司馬羅早有了防備,意念一動,寒光閃處,靈陽劍飛出,攔住賈富貴去路,把他逼回原地,然後懸停在他的頭頂。司馬羅見賈富貴已經無路可逃,再留心地上跪著的三個廚師。隻見三人麵色發黑,身體抽搐,口吐白沫,倒在了地上,頃刻間氣絕而亡。

賈富貴自知脫逃無望,反而淡定下來,他頭一昂,負手而立,一改平時謙卑的神態,矮胖的身軀竟然增高了幾分。司馬羅用神眼看去,他的氣場突然變得強大,很快顯出一個頭似虎、身有豹紋、肚圓尾長、尾梢帶勾、麵目猙獰的巨獸,卻是連親生父母都吃的上古惡獸—— “獍”?這頭 “獍”,司馬羅火燒龍舟的那個晚上,已經會過。司馬羅曾經暗中用神眼反複觀察過賈富貴,看到的一直是個普通武人的弱小氣場,沒有想到他竟然進行了偽裝!

賈富貴狂笑一聲,道:“司馬小兒,老夫偽裝術天下第一,隻要我不主動現形,就算你有天眼神功,也看不透老夫。老夫自忖行事周密無疏,憑你們,怎麽可能發現破綻!?這幾個蠢材既然泄密了,他們就得死。不要以為老夫不知,如今有人背棄祖宗門規,前來助你,老夫才栽在你們手上!”

“自古得道多助!心術狡詐者,害人反傷身!是你心懷鬼胎,露出了狐狸尾巴。
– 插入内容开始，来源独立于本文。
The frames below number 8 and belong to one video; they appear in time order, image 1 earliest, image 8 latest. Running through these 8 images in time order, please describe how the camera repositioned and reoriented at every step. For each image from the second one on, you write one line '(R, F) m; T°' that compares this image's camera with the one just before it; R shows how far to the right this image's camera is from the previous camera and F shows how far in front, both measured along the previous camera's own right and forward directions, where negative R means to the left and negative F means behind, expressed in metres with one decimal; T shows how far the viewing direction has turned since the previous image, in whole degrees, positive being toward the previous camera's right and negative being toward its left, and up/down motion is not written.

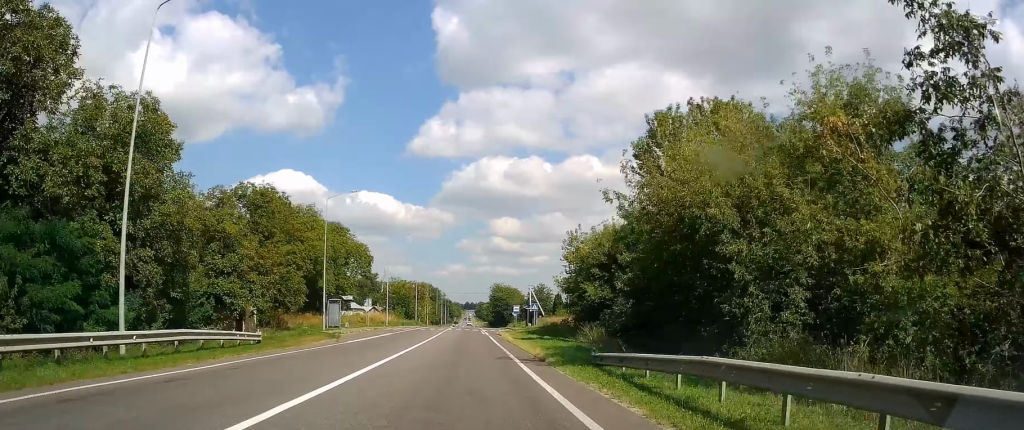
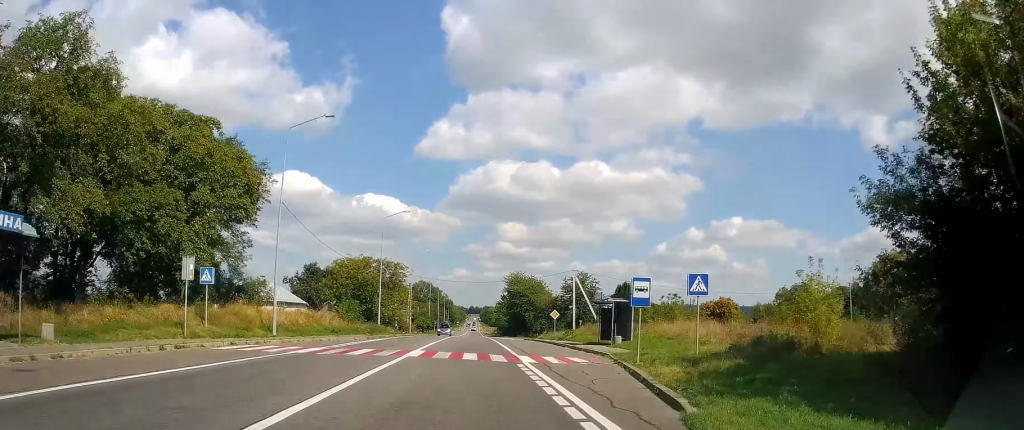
(0.0, +47.9) m; 0°
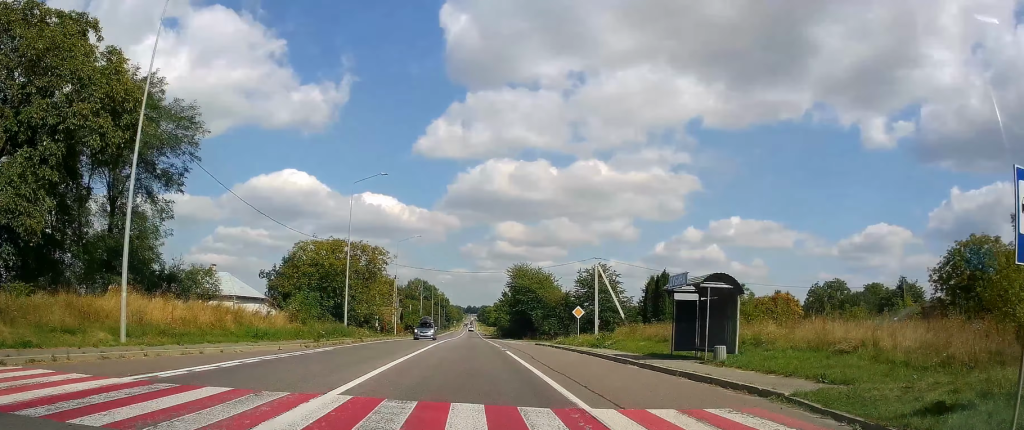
(-0.1, +14.7) m; -1°
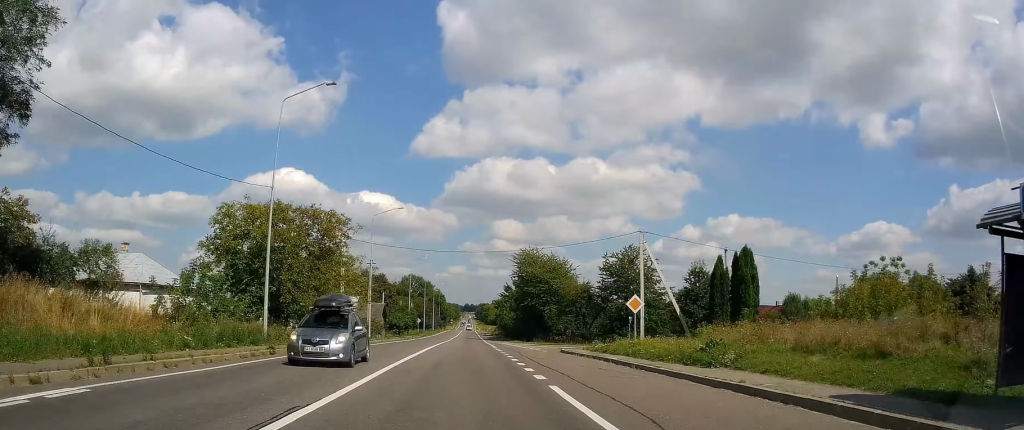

”司馬羅冷笑道:“實話告訴你,最近山寨接連發生的怪事,我們知道必是被魔族暗中搗鬼所致。但在我們調查過程中,一直找不到明顯證據,我的師父秘密回到長山寨後,我們決定對可能的懷疑對象逐一排查。最後才把疑點集中到你這裏。按照我們商量的計策,我按部就班地做好每日工作,夫人則借療傷之名,悄悄監視你,果然發現你跟蹤我、趁長老們外出練功潛入他們住處等異常舉止。但實話告訴你,直到今晚,我們仍然沒有抓住你的確切證據,才決定冒險一試。我們抓了這三個嘍囉,他們其實並未吐露任何實情,隻是我們在你麵前做了一場戲,你心中有鬼,情急之下,殺了他們,才暴露真麵目。”

司馬羅說著話,卻緊盯著賈富貴,用神眼觀察他的反應,隻見剛才還囂張的惡獸 “獍”如喪考妣,很快低頭耷耳、神態委頓。